The manufacturer states that the board can support up to 32GB RAM. It also has a database of supported/tested DIMM modules, and mines are in there.

https://www.asrock.com/mb/AMD/A75%20Pro4/index.asp#Memory

I tried removing the sticks and putting them back in, cleaning the pins, checking for damage, etc.

What else can I try?

Thanks

[Moderator edit: added [code] tags to preserve output layout. -Hu]Last edited by Vieri on Thu Oct 18, 2018 6:25 am; edited 1 time in total

----------

## tomtom69

your board handbook says

 *Quote:*   

> 
> 
> This motherboard provides four 240-pin DDR3 (Double Data Rate 3) DIMM
> 
> slots, and supports Dual Channel Memory Technology. For dual channel con-
> ...

 

So afaik you need to install 2 extra modules. If you follow the manual they should be identical to the installed ones.

tomtom

----------

## Anon-E-moose

As far as the OS memory report are they 64 bit OS's or 32 bit, if 32 then they will only report 4gb.

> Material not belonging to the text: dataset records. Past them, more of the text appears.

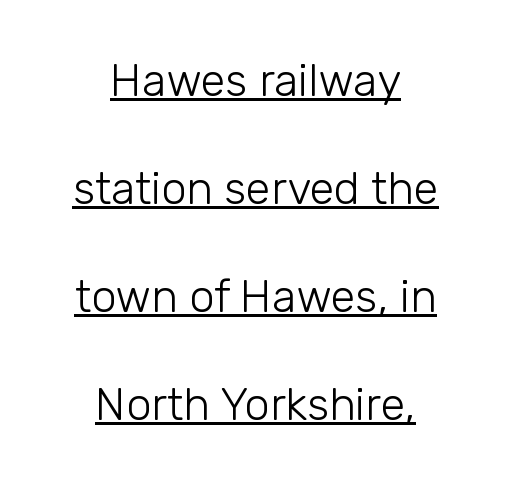
The image shows 45 px light sans-serif type, upright; set centered, loose line spacing (2.4x), normal letter spacing, underlined; low stroke contrast and a medium x-height.
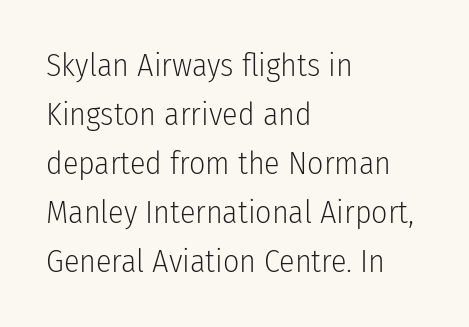
The image shows 32 px light, condensed sans-serif type, upright; set left-aligned, normal line spacing (1.53x), normal letter spacing, not underlined; low stroke contrast and a medium x-height.
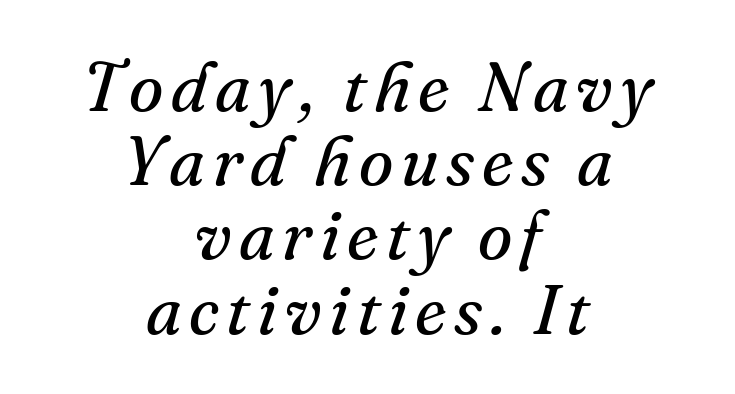
The image shows 70 px regular-weight serif type, italic (leaning right); set centered, tight line spacing (1.06x), not underlined; medium stroke contrast and a small x-height.
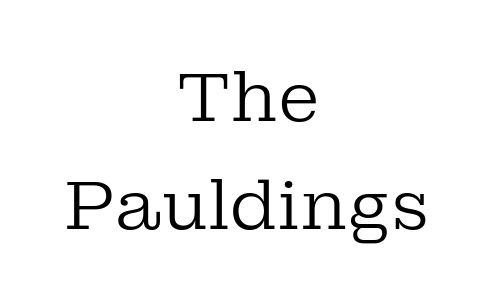
Look at the bottom of the vertical strokes: they flare into serifs here. Default kerning and tracking; the words read as compact shapes. Each letter keeps its own natural width here, so spacing adapts to shape. These lines sit exactly where default settings would place them.
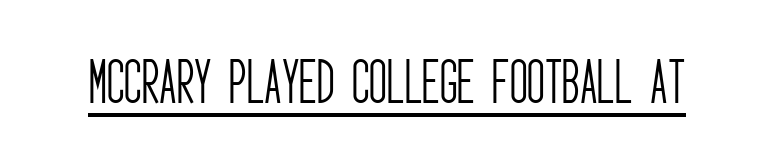
Q: Is the text bold? A: No.
Q: Is the text italic (slanted)? A: No, it is upright.
Q: Is the typeface a serif or a sans-serif typeface? A: Sans-serif.
Q: Is the text underlined? A: Yes.
Q: Is the spacing between letters normal or unusually wide? A: Normal.
Q: Width (condensed, normal, or wide)? A: Condensed.
Q: Stroke contrast? A: Low.
Q: x-height? A: Large.
Q: Monospaced? A: No.
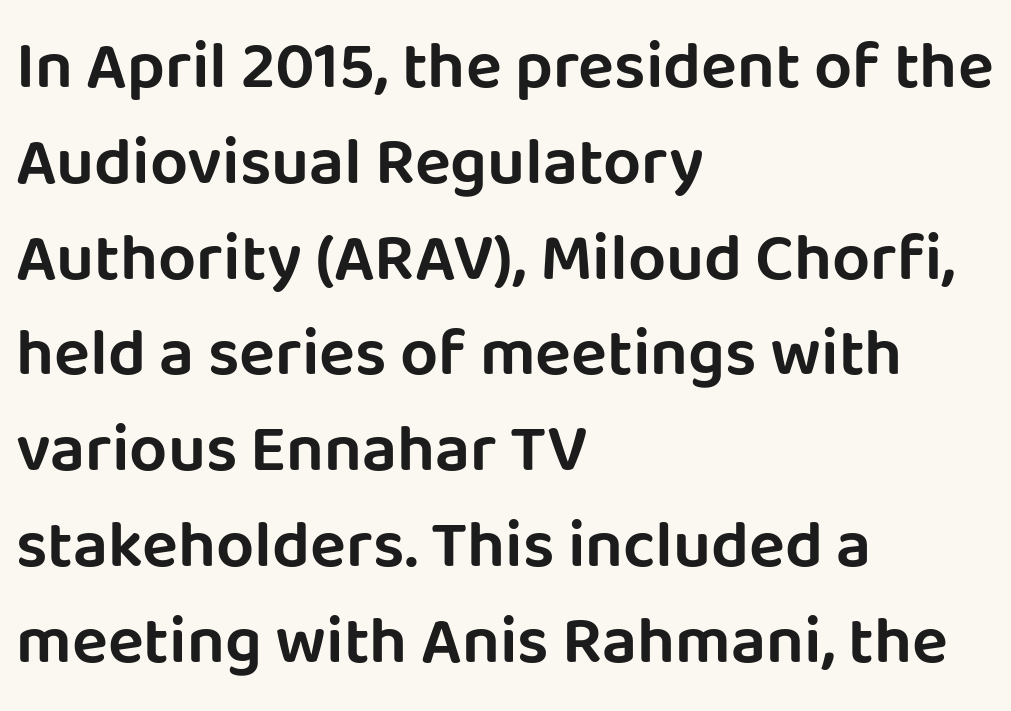
Q: Is the text italic (slanted)? A: No, it is upright.
Q: Is the typeface a serif or a sans-serif typeface? A: Sans-serif.
Q: Is the text underlined? A: No.
Q: How is the paragraph aligned? A: Left-aligned.
Q: Is the spacing between letters normal or unusually wide? A: Normal.
Q: Is the spacing between lines tight, normal or loose? A: Normal.
Q: Width (condensed, normal, or wide)? A: Normal.
Q: Stroke contrast? A: Low.
Q: x-height? A: Large.
Q: Monospaced? A: No.
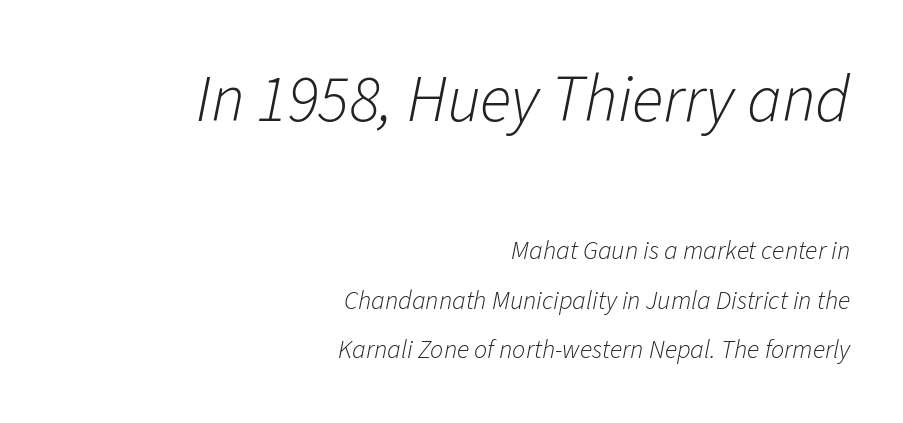
The image shows 66 px light type, italic (leaning right); set right-aligned, loose line spacing (1.91x), normal letter spacing, not underlined; the first (top) block is 2.54x larger; low stroke contrast and a medium x-height.
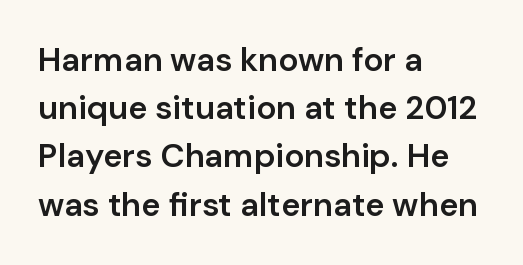
Posture: straight, roman, zero tilt. Bare-footed words on every line. Each new line begins a customary step beneath the previous one. No extra tracking has been applied to these lines. Every letter is mildly thick-stroked: semibold rather than bold. Is this a sans? Yes — the strokes have no serifs.
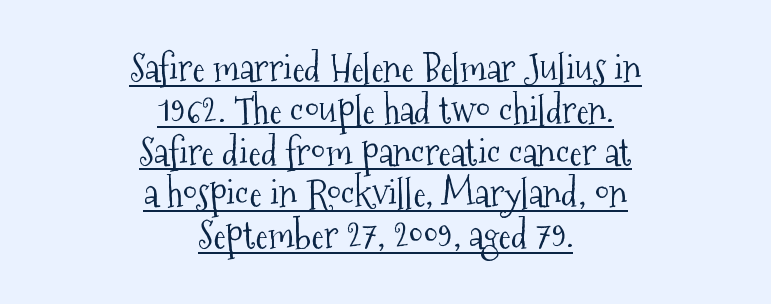
{"serif": "yes", "italic": "no", "bold": "no", "weight": "light", "width": "condensed", "stroke_contrast": "medium", "x_height": "medium", "monospaced": "no", "underline": "yes", "align": "center", "line_spacing": "tight", "line_spacing_ratio": 1.1, "letter_spacing": "normal", "letter_spacing_em": 0.0, "glyph_px": 38}
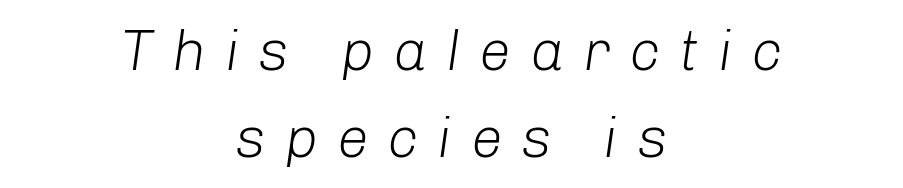
{"italic": "yes", "lean": "right", "slant_degrees": 8, "bold": "no", "weight": "light", "width": "normal", "stroke_contrast": "low", "x_height": "medium", "monospaced": "no", "underline": "no", "align": "center", "line_spacing": "normal", "line_spacing_ratio": 1.52, "letter_spacing": "wide", "letter_spacing_em": 0.33, "glyph_px": 57}
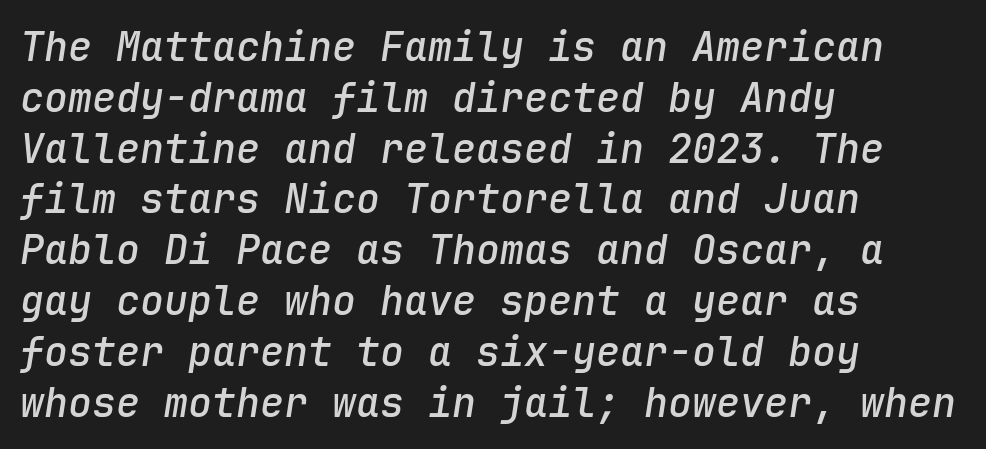
The typography opts for an oblique posture over an upright one. The sample has been set in demibold, a notch under bold. Do the characters align in a grid? Yes, the font is monospaced. Nobody touched the tracking dial on this one.
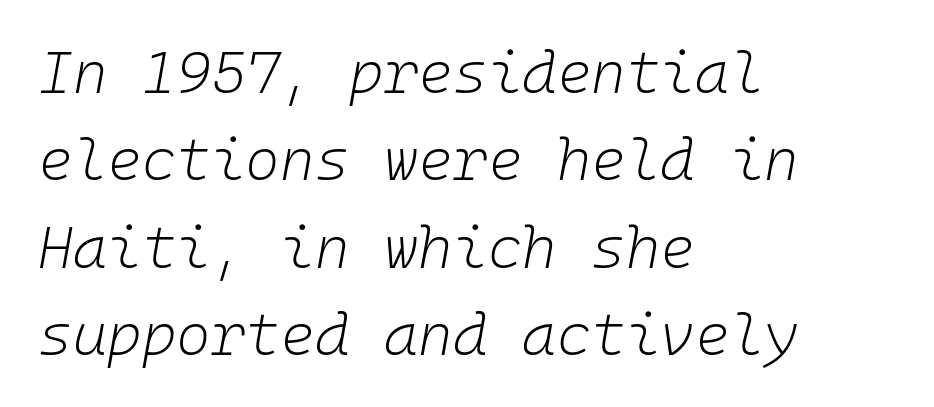
Evenly set lines give the paragraph a standard silhouette. Slanted lettering throughout. Honestly, the letter spacing is just normal — you wouldn't notice it. A clean baseline with only descenders dipping below it.
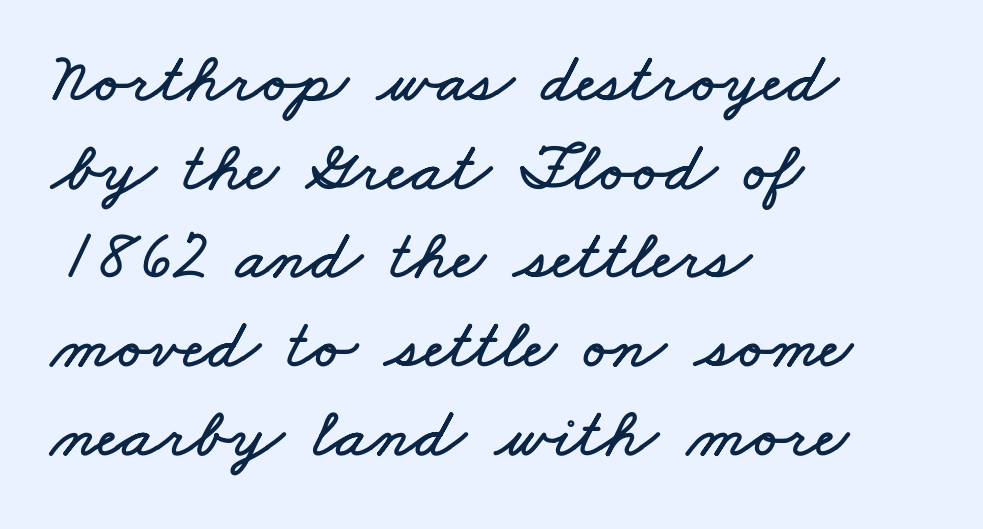
The image shows 71 px wide type; set left-aligned, normal line spacing (1.25x), normal letter spacing, not underlined; low stroke contrast and a small x-height.
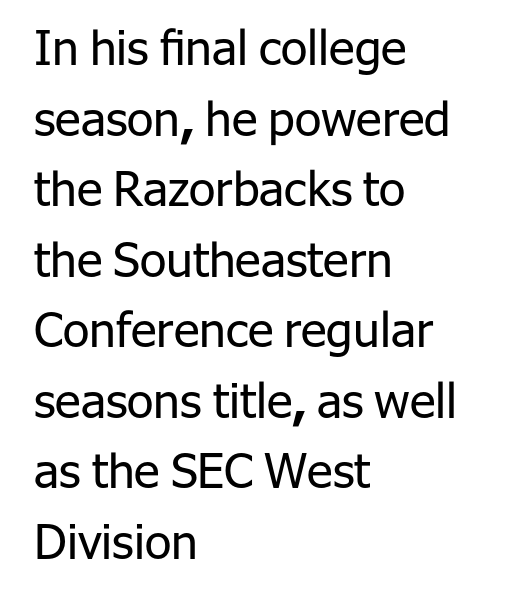
The rendering uses natural spacing where letterforms have individual widths. Each letter's strokes conclude bluntly, with no projecting serifs. Style check: upright. Honestly, the row spacing looks completely unremarkable.
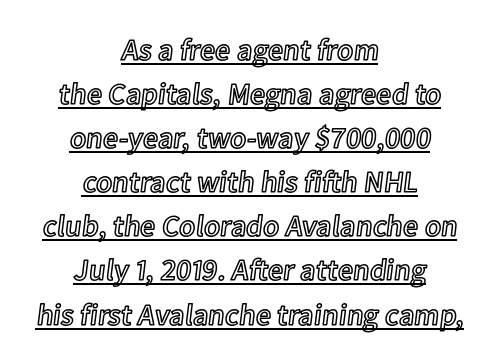
Underlined type. The setting favours the middle, as headings and verse often do. Summary of vertical rhythm: regular, with standard interline spacing. The letterforms sit shoulder to shoulder at normal distance.
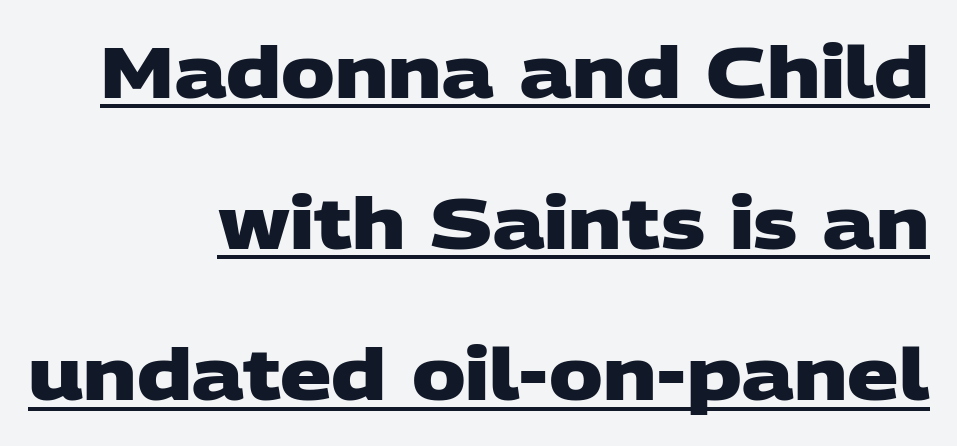
Think of a printed novel: that variable character pitch is what you see here. The designer dialed line spacing up above the default. The letters are bold, with thick, heavy strokes. A continuous stroke trails under the words, as in a hyperlink.
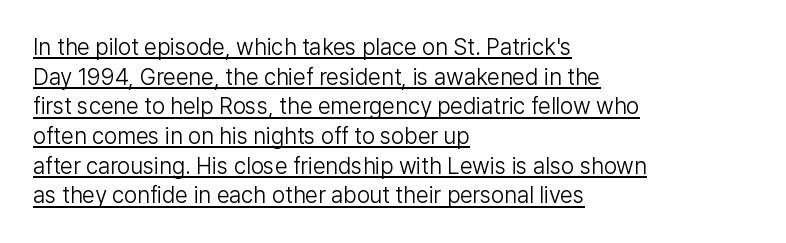
{"italic": "no", "bold": "no", "underline": "yes", "align": "left", "line_spacing": "normal", "line_spacing_ratio": 1.29, "letter_spacing": "normal", "letter_spacing_em": 0.0, "glyph_px": 23}
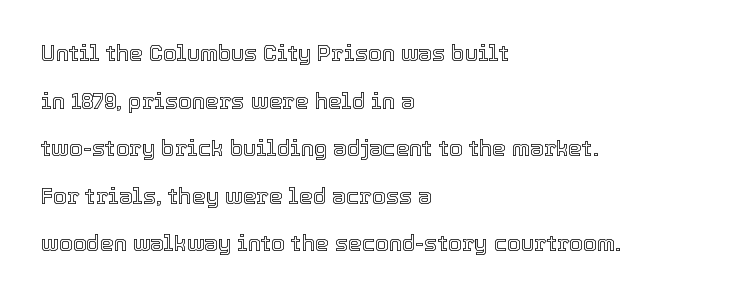
The image shows 22 px text type, upright; set left-aligned, loose line spacing (2.16x), normal letter spacing, not underlined.
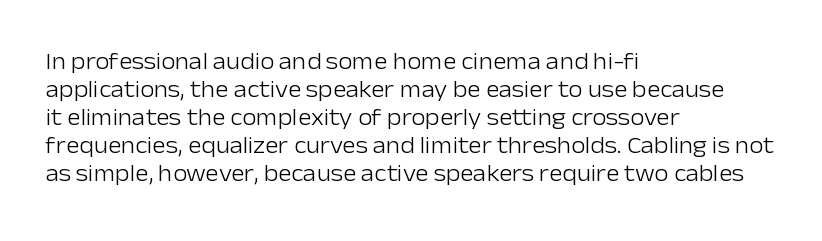
The image shows 23 px text type, upright; set left-aligned, line spacing 1.22x, normal letter spacing, not underlined.
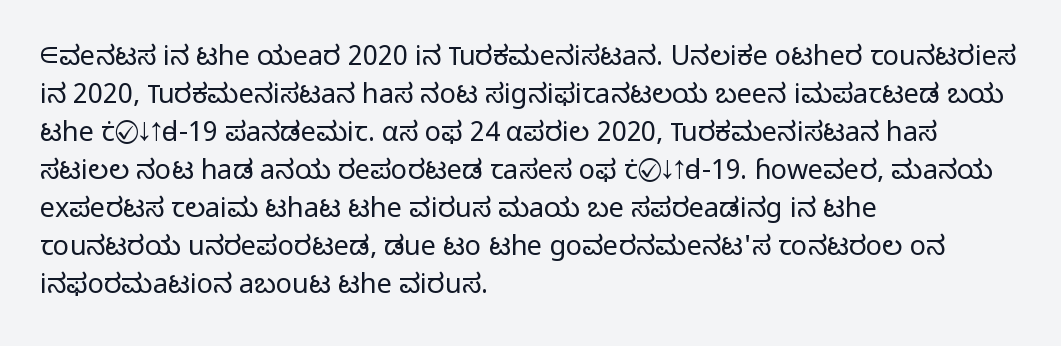
{"italic": "no", "bold": "no", "underline": "no", "align": "left", "line_spacing": "normal", "line_spacing_ratio": 1.41, "letter_spacing": "normal", "letter_spacing_em": 0.0, "glyph_px": 27}
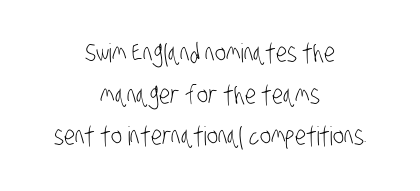
{"bold": "no", "underline": "no", "align": "center", "line_spacing": "normal", "line_spacing_ratio": 1.6, "letter_spacing": "normal", "letter_spacing_em": 0.0, "glyph_px": 26}
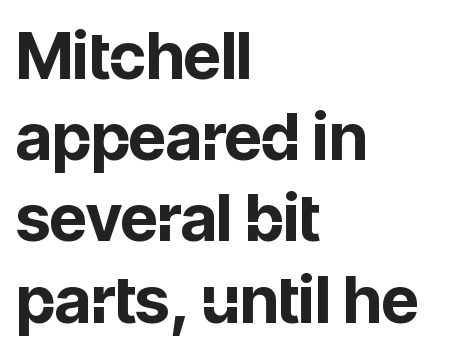
Q: Is the text bold? A: Yes.
Q: Is the text italic (slanted)? A: No, it is upright.
Q: Is the typeface a serif or a sans-serif typeface? A: Sans-serif.
Q: Is the text underlined? A: No.
Q: How is the paragraph aligned? A: Left-aligned.
Q: Is the spacing between letters normal or unusually wide? A: Normal.
Q: Is the spacing between lines tight, normal or loose? A: Normal.
Q: Width (condensed, normal, or wide)? A: Normal.
Q: Stroke contrast? A: Low.
Q: x-height? A: Medium.
Q: Monospaced? A: No.
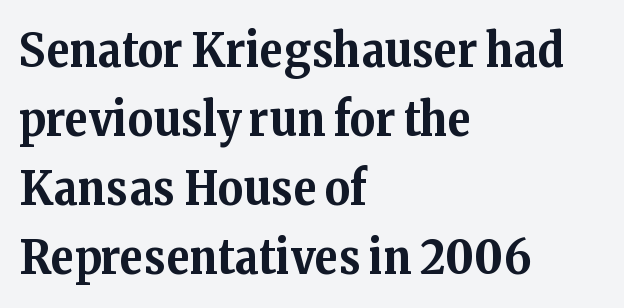
The image shows 48 px bold serif type, upright; set left-aligned, normal line spacing (1.44x), normal letter spacing, not underlined; medium stroke contrast and a medium x-height.
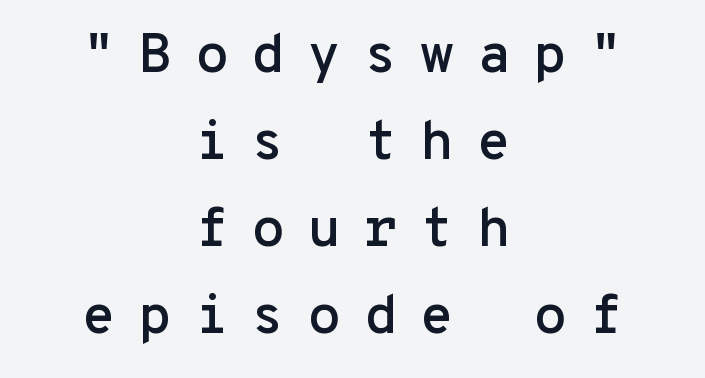
Q: Is the text italic (slanted)? A: No, it is upright.
Q: Is the typeface a serif or a sans-serif typeface? A: Sans-serif.
Q: Is the text underlined? A: No.
Q: How is the paragraph aligned? A: Centered.
Q: Is the spacing between letters normal or unusually wide? A: Unusually wide.
Q: Is the spacing between lines tight, normal or loose? A: Normal.
Q: Width (condensed, normal, or wide)? A: Normal.
Q: Stroke contrast? A: Low.
Q: x-height? A: Medium.
Q: Monospaced? A: Yes.
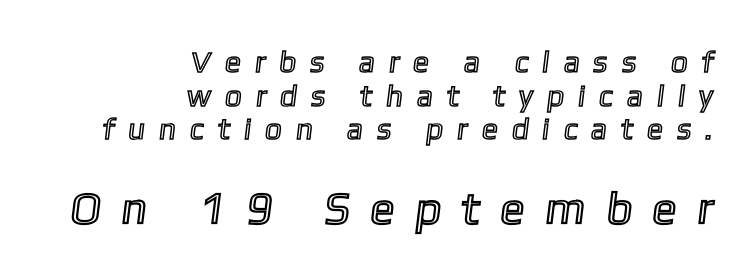
Q: Is the text underlined? A: No.
Q: How is the paragraph aligned? A: Right-aligned.
Q: Is the spacing between letters normal or unusually wide? A: Unusually wide.
Q: Is the spacing between lines tight, normal or loose? A: Tight.
Q: Which block of text is set in a larger size, the first (top) or the second (bottom)? A: The second (bottom) one.
Q: Width (condensed, normal, or wide)? A: Normal.
Q: x-height? A: Medium.
Q: Monospaced? A: No.

I haven't looked at the manual for the MB, but typically if you put an odd amount of memory 1,3, etc, then you don't get dual channel memory.

Some MB's have a setting in the bios to switch from dual to single, an odd amount HAS to run in single (if you think about it, it's obvious)

----------

## freke

It's only using two of the DIMMs - they're supposed to be installed in pairs for dual-channel configuration. ie. two or four, but not three DIMMs

----------

## Naib

Is this a 32bit system or a 64bit system?  

The reason I ask is 

 *Quote:*   

> # head -n 1 /proc/meminfo 
> 
> MemTotal: 3759116 kB 

 

1) a 32bit kernel will only ever be able to see 4gig (without PAE)

2) that 3.7gig reported by the kernel is scarily close to what is visible on a 32bit system once the kernel has reserved ~250meg for itself 

could you please paste the output of uname -a 

----------

## Anon-E-moose

There's 2 or 3 things going on.

if you have memory slots 1 2 3 4 

1 and 3 are dual channel, 2 and 4 are dual channel.

you can put memory in 1 2 and 3 but you'll only have single channel with an OS potentially seeing max of 6 gb.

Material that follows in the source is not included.